UK businesses are facing significant financial pressure as wholesale energy prices surge, driven largely by escalating conflict in the Middle East. With many commercial energy contracts due for renewal in April, companies across multiple sectors are bracing for steep cost increases that threaten already tight margins.

Sharp rises in gas and electricity costs
Recent industry analysis highlights the scale of the challenge:
  • Electricity prices rising by up to 30%
  • Gas bills increasing by as much as 80%
For larger sites, particularly in retail, leisure, and manufacturing, these increases could mean six‑figure jumps in annual overheads. Unlike households, businesses do not benefit from a regulated price cap, leaving them immediately exposed to wholesale volatility.
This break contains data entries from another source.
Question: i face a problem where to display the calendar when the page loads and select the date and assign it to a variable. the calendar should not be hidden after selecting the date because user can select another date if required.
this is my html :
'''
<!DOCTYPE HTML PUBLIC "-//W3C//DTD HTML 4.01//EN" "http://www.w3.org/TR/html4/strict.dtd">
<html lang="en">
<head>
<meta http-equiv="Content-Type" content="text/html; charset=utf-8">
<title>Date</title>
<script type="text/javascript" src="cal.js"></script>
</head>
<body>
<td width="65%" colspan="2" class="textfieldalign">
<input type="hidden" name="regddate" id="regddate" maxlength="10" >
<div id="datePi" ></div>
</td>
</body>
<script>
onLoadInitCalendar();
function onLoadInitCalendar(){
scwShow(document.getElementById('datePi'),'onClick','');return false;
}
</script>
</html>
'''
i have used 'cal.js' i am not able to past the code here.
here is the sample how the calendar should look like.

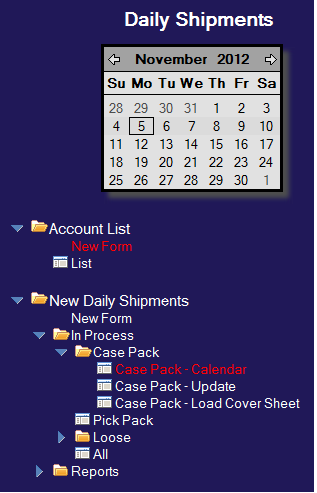
Answer: You need to have a look at <URL> datepicker
'''
Eg: Assign it on a div :
$(function() {
$( "#datepicker" ).datepicker( {
dateFormat: "dd/mm/yy",
onSelect: function(date, picker){
funcCall(date); //call you function here
}
});
});
function funcCall (date){
alert('your function called with date= '+date);
}
'''
<URL>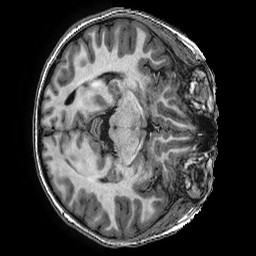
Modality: T1w
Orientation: axial
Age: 13
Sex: female
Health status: ill
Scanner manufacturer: ge
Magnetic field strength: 3 T
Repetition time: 0.0077 s
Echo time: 0.003436 s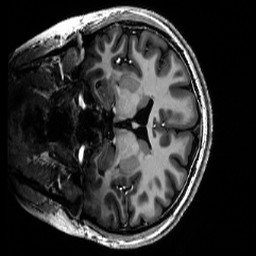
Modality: T1w
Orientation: coronal
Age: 20
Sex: female
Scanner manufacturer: siemens
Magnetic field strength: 6.98 T
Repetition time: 6 s
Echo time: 0.00299 s
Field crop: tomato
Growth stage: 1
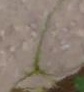
Species: cyperus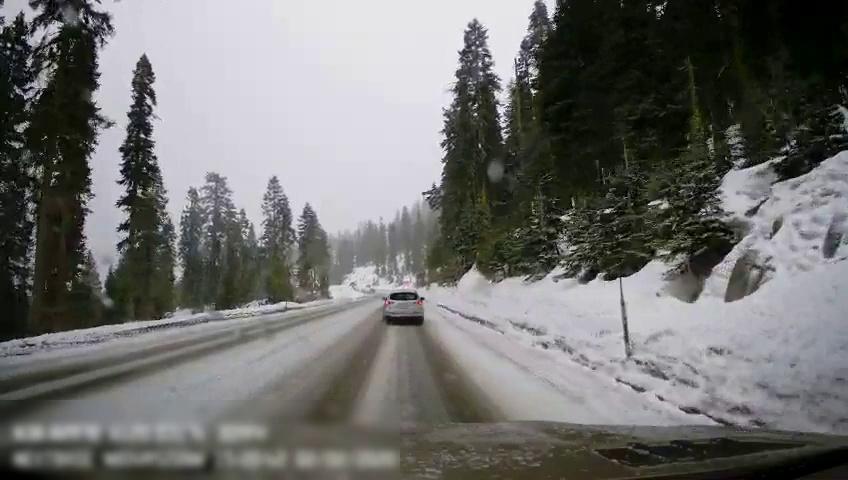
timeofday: Day
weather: Snowy
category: Drivable Space
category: Vehicles | SUV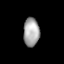
Tissue: lung
Cell type: Epithelial cells
Senescence score: 0.1792
Nuclear area (px): 449
Mean DAPI intensity: 164.615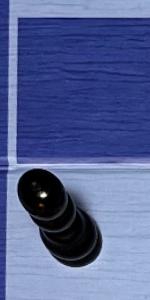
Label: Pawn_Black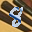
Label: 8
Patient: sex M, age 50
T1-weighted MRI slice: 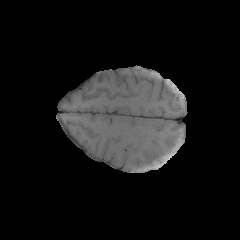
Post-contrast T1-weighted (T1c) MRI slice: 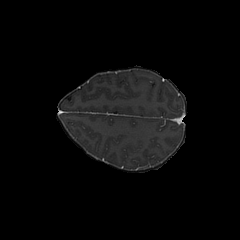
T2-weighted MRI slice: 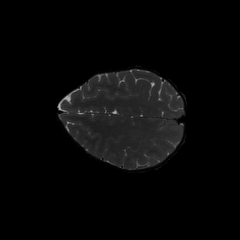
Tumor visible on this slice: no
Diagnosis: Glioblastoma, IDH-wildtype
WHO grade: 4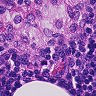
Metastatic tissue present: no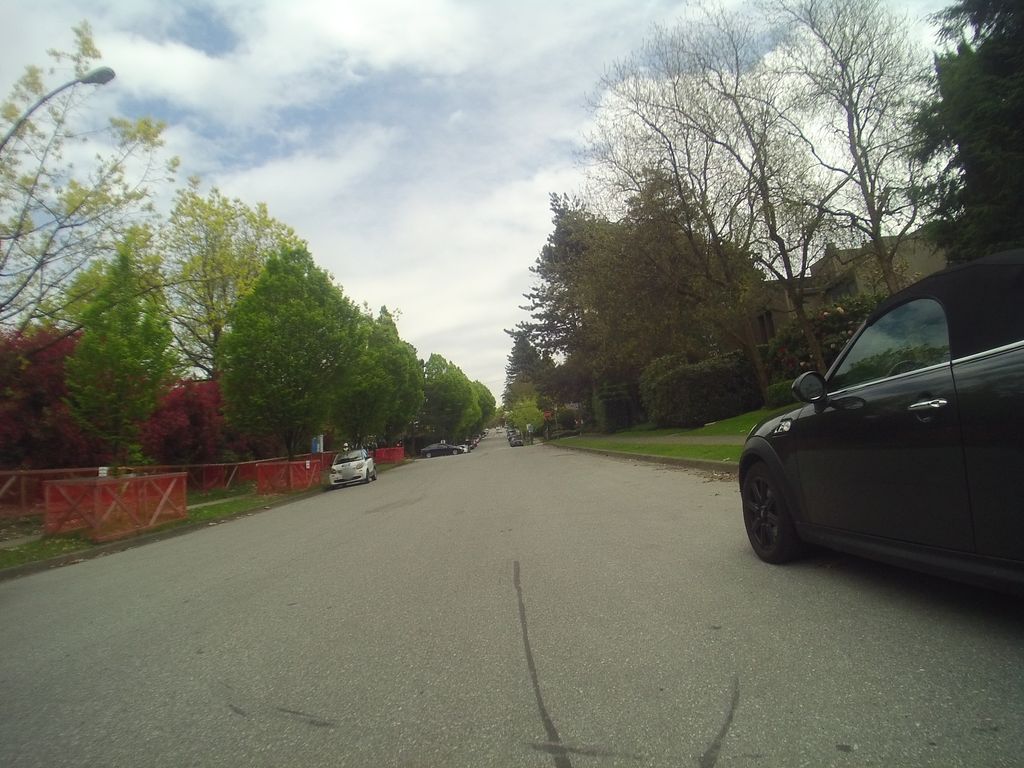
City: vancouver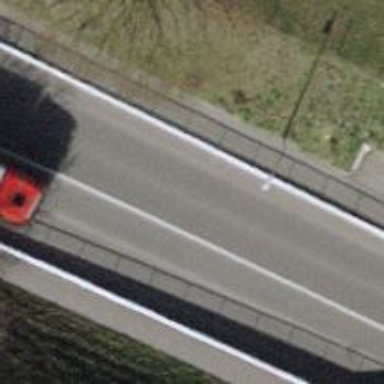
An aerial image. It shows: Primary highway with asphalt surface and cycle track.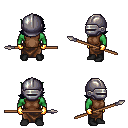
a pixel art fantasy rpg character, male body template, orc, green skin, brown sleeveless shirt, robe skirt, raven swoop hairstyle, metal helm, gold gloves, black shoes, spear, four views (front, back, left, right), 2x2 character sprite sheet, small pixel art, hard edges, no anti-aliasing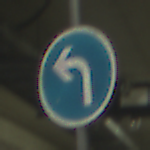
Verkehrszeichen: VorgeschriebeneFahrtrichtungLinks
Umgebung: Indoor, Special
Tageszeit: NotSpecified
Wetter: NotSpecified
Licht: Artificial
Jahreszeit: NotSpecified
Kontrast: HighContrast

Industry leaders warn of growing risk
Energy suppliers and trade bodies have raised concerns about the wider economic impact:
  • Fears of potential fuel shortages in Europe are adding to uncertainty.
  • Manufacturing groups describe the current situation as a “national economic emergency.”
  • The Federation of Small Businesses warns smaller firms are especially vulnerable, lacking bargaining power or hedging options.
Although the government intends to expand support for energy‑intensive industries, changes are not due until next year offering no immediate relief for firms renewing contracts this spring.

Pressure across multiple sectors
The rise in energy costs risks becoming a tipping point for businesses already dealing with:
  • Shrinking margins
  • Increased borrowing costs
  • Wage inflation
  • Slowing consumer spending
Energy‑intensive industries face the greatest exposure, but hospitality, retail and leisure sectors already hit by increases in employers’ National Insurance, higher minimum wage costs, and the removal of business rates relief are also expected to feel significant strain.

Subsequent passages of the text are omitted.